SAS Macro Programs: missrc
$Version: 1.4 (6 Nov 2001)
Michael Friendly
York University
MLEs for incomplete n-way contingency tables
The missrc macro estimates cell probabilities in an n-way table with
ignorable missing data (missing completely at random [MCAR], or missing at
random [MAR]) on the table variables. For example, in a longitudinal
survey, some respondents may have missing responses on one or more
occasions, and it is desired to estimate the cell probabilities using
the available information. The results are equivalent to the
use of the EM algorithm.
Method
Lipsitz etal (1998) show
that in this case the cell probabilities may be estimated as a
specially constructed Poisson generalized linear model with a structured
design matrix and an offset containing various marginal totals.
The equivalent Poisson GLM is
E(f) = X p + g
where f is a vector containing the cell frequencies, X is the design matrix, p is the vector of cell
probabilities, and g is a vector of marginal totals used
as an offset variable.
Friendly (1999)
generalizes their method to n-way tables.
The MISSRC macro constructs this design matrix and offset variable.
It then estimates
the cell probabilities using PROC GENMOD, and returns a table with
the estimates, their standard errors, and fitted cell frequencies.
Usage
The missrc macro is called with keyword parameters. Only the VAR=
parameters is required. The arguments may be listed within
parentheses in any order, separated by commas. For example:
%missc(var=R C, count=count);
Parameters
Default values are shown after the name of each parameter.
- DATA=_LAST_
- Specifies the name of the input data set to be analyzed.
If omitted, the most recently created data set is used.
- VAR=
- Specifies the names of the table variables. In this version,
all VAR= variables must be numeric, with non-negative
integer levels. The missing level must have the SAS
missing value, .
- COUNT=COUNT
- Specifies the name of the variable holding the cell frequencies.
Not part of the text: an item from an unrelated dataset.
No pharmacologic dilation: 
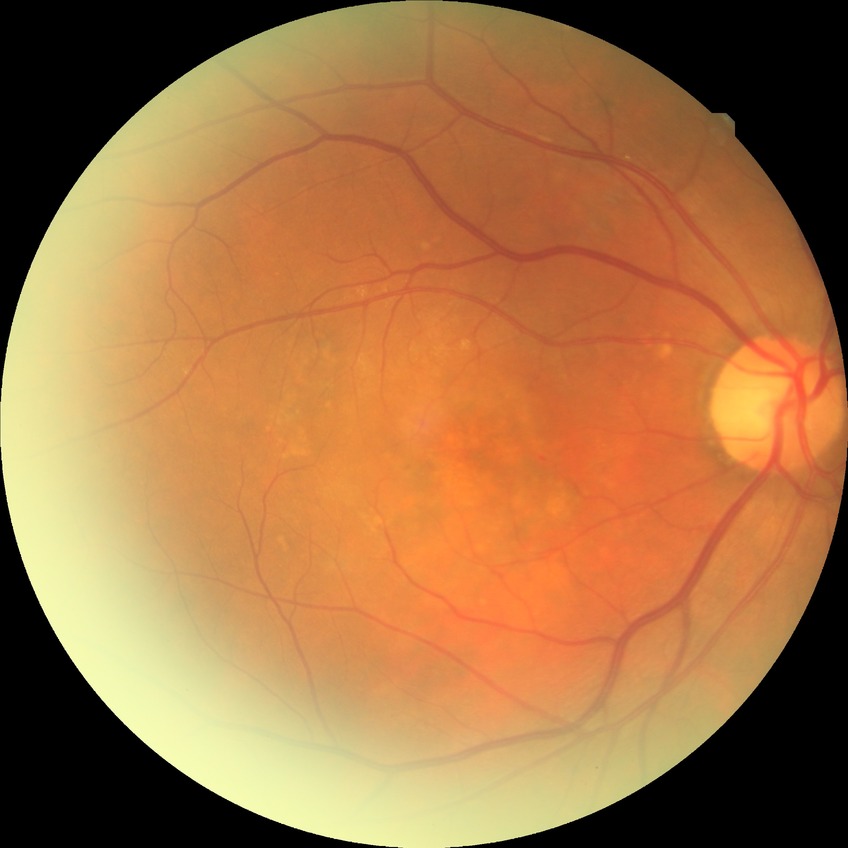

If not specified, COUNT=COUNT is assumed.
- OUT=CELLS
- Specifies the name of the output data set containing estimated
cell probabilities, standard errors, etc.
- DESIGN=DESIGN
- Specifies the name of the output design matrix data set
Example
Little & Rubin (1987, p. 183) gave the following table:
| C1 C2 Missing
--------+---------------------
R1 | 100 50 30
R2 | 75 75 60
Missing | 28 60
Create a SAS data set, as follows. The frequency variable is named COUNT,
the default for MISSRC. Note that missing values for R and C are specified
as .
data little;
input R C count @@;
cards;
1 1 100 1 2 50 1 . 30
2 1 75 2 2 75 2 . 60
. 1 28 . 2 60
;
%include macros(missrc); *-- or include in an autocall library;
%missrc(data=little, var=R C);
The following output data set is produced. The variable P is the observed
cell probability, ESTIMATE is the MLE, and FITTED is the estimated cell
frequency.
R C COUNT P PARM ESTIMATE STDERR FITTED
. 1 28 . . . .
. 2 60 . . . .
1 . 30 . . . .
1 1 100 0.33333 P11 0.27947 0.022310 133.589
1 2 50 0.16667 P12 0.17402 0.020978 83.184
2 . 60 . . . .
2 1 75 0.25000 P21 0.23872 0.022660 114.108
2 2 75 0.25000 P22* 0.30778 0.025298 147.120
See also
powerrxc Power analysis for Chi-sqare tests of independence
References
Friendly, M. (1999). Note on ``Obtaining the maximum
likelihood estimates in incomplete R x C Contingency tables...'',
J. Computational. and Graphical Statistics, 8,
in press.
Lipsitz, S. R., Parzen, M. and Molenberghs, G. (1998). ``Obtaining the maximum
likelihood estimates in incomplete R x C Contingency tables using a
Poisson generalized linear model''. J. Computational. and Graphical Statistics,
7, 356--376.